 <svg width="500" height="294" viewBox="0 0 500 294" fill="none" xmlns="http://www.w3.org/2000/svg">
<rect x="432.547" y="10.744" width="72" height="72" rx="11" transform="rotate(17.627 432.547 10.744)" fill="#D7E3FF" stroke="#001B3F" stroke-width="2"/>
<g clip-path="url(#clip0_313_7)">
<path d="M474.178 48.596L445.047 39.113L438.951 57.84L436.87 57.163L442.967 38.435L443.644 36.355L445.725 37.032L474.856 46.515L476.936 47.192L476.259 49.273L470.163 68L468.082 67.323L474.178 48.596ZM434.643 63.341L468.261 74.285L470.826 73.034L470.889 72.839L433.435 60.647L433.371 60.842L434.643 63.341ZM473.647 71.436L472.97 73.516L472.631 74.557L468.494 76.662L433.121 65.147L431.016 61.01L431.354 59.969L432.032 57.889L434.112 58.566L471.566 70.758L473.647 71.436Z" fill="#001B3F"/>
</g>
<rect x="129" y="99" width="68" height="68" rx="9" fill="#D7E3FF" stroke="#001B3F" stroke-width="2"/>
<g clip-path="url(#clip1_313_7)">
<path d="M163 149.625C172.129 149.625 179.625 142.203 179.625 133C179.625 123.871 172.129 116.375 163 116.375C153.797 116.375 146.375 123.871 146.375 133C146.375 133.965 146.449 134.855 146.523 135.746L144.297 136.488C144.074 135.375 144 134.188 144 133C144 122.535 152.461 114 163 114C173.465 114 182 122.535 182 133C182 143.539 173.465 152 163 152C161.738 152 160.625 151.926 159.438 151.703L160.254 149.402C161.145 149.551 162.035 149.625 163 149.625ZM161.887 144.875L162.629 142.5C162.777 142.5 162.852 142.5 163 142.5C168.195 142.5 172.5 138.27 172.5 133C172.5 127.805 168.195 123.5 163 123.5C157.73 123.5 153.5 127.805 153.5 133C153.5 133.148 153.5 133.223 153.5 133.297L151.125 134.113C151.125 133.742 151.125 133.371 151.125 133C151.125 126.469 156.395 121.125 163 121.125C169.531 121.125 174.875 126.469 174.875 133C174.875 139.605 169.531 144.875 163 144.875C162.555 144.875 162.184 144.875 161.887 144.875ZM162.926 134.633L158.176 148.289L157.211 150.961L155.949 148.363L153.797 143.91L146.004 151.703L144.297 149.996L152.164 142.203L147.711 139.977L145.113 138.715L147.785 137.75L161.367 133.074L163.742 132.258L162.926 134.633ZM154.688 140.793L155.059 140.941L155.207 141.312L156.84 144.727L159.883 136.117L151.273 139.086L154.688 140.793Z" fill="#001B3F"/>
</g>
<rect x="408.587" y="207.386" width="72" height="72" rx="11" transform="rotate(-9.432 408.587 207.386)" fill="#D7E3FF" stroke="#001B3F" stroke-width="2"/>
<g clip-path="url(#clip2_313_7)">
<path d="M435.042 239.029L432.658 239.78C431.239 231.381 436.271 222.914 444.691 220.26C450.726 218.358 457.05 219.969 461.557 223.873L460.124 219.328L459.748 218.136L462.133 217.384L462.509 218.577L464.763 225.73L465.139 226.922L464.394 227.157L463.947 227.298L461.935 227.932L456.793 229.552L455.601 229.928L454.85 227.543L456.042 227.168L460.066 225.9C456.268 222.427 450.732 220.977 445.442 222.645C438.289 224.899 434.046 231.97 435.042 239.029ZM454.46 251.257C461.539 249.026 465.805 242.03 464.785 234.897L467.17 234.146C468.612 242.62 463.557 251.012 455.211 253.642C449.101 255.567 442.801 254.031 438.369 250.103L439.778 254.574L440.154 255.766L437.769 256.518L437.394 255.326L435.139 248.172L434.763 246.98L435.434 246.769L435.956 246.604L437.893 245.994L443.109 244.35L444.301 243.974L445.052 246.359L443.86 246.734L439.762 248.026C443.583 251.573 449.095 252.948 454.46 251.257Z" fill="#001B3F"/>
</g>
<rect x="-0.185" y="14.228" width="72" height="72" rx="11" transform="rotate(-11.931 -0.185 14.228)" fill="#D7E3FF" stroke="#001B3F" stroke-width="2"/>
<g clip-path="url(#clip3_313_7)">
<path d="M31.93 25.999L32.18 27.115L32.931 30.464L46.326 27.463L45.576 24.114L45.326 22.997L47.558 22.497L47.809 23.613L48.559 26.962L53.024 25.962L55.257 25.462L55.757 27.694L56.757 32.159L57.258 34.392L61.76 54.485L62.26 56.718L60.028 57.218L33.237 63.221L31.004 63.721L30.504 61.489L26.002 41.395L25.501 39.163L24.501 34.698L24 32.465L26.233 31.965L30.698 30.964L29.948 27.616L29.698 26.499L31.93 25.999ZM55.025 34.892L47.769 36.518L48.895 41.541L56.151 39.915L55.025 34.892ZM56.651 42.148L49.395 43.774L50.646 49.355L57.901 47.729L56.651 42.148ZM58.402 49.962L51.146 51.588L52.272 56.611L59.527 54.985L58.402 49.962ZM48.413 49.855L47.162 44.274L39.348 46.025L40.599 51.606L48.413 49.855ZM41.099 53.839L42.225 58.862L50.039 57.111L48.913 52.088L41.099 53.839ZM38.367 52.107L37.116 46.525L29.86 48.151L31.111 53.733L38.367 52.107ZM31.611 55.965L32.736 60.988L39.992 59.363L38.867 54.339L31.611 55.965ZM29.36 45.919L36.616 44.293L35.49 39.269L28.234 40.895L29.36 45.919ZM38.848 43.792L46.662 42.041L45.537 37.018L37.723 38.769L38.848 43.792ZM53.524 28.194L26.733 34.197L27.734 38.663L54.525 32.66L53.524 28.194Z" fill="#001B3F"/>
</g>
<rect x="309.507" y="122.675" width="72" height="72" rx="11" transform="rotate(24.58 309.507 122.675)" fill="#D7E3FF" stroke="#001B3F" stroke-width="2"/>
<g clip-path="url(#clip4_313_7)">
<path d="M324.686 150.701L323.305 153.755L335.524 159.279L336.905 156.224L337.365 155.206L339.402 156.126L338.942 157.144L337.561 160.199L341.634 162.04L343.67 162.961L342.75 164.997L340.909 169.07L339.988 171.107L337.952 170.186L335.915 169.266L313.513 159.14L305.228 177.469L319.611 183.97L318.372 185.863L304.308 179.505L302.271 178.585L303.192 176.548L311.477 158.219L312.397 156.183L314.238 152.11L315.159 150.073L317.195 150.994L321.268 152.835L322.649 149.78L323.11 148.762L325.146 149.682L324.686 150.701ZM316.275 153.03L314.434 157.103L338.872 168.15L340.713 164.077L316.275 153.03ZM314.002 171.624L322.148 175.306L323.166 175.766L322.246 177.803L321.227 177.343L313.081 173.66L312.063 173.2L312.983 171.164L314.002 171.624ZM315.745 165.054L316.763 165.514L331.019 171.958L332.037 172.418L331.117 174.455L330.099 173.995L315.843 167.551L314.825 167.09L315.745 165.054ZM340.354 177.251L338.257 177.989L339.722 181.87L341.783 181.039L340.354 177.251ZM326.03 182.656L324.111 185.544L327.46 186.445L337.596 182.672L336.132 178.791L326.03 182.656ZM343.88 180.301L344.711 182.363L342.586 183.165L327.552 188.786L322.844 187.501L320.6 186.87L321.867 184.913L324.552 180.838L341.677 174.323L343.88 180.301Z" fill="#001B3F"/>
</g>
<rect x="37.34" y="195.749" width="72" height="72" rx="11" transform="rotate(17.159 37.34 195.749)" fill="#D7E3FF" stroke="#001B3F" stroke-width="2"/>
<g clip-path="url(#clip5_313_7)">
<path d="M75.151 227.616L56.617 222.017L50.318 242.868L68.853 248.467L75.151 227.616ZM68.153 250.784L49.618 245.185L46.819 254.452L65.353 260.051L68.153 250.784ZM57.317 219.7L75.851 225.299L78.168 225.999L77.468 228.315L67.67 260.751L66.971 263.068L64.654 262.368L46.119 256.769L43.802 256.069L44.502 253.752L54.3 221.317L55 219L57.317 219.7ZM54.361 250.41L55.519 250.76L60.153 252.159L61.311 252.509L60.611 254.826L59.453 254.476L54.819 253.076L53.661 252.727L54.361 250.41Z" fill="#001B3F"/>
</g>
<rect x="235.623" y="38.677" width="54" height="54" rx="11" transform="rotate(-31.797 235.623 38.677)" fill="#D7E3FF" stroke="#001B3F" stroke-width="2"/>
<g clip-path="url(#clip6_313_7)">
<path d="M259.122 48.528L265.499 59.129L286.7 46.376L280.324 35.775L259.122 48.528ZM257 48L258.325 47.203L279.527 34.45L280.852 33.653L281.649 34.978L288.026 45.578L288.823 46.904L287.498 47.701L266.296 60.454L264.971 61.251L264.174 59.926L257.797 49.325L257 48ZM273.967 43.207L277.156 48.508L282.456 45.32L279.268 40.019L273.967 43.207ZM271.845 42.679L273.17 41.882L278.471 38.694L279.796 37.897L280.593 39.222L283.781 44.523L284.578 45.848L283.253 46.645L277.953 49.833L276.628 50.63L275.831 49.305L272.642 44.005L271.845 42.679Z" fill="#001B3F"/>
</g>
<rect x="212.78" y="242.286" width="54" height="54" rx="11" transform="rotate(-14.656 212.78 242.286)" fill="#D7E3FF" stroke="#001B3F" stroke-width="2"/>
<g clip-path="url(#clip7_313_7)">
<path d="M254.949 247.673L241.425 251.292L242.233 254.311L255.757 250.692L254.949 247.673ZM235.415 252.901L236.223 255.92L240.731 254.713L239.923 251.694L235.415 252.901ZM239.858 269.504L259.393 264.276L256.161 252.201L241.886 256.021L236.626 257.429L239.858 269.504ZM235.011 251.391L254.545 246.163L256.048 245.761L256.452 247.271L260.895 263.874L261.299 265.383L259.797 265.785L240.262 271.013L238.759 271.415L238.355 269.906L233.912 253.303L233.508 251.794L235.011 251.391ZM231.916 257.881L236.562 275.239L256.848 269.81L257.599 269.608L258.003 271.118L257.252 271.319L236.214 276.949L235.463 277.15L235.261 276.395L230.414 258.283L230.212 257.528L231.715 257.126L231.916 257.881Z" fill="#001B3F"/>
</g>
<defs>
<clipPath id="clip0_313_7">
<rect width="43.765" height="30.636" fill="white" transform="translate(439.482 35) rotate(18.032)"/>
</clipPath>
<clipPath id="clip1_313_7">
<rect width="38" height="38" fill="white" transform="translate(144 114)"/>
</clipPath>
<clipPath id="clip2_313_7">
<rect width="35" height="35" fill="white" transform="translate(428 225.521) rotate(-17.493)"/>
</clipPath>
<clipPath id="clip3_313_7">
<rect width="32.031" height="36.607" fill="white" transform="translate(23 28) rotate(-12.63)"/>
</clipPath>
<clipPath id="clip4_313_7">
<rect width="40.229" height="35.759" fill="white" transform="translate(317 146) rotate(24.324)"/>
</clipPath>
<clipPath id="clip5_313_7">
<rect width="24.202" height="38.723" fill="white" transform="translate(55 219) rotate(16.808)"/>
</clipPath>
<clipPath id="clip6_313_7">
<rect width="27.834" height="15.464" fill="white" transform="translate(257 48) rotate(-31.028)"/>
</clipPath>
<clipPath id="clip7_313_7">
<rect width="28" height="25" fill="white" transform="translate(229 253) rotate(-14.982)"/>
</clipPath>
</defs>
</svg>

==*==

In the listing above, find the lines holding the word "white" and copy them.

Task output:
<rect width="43.765" height="30.636" fill="white" transform="translate(439.482 35) rotate(18.032)"/>
<rect width="38" height="38" fill="white" transform="translate(144 114)"/>
<rect width="35" height="35" fill="white" transform="translate(428 225.521) rotate(-17.493)"/>
<rect width="32.031" height="36.607" fill="white" transform="translate(23 28) rotate(-12.63)"/>
<rect width="40.229" height="35.759" fill="white" transform="translate(317 146) rotate(24.324)"/>
<rect width="24.202" height="38.723" fill="white" transform="translate(55 219) rotate(16.808)"/>
<rect width="27.834" height="15.464" fill="white" transform="translate(257 48) rotate(-31.028)"/>
<rect width="28" height="25" fill="white" transform="translate(229 253) rotate(-14.982)"/>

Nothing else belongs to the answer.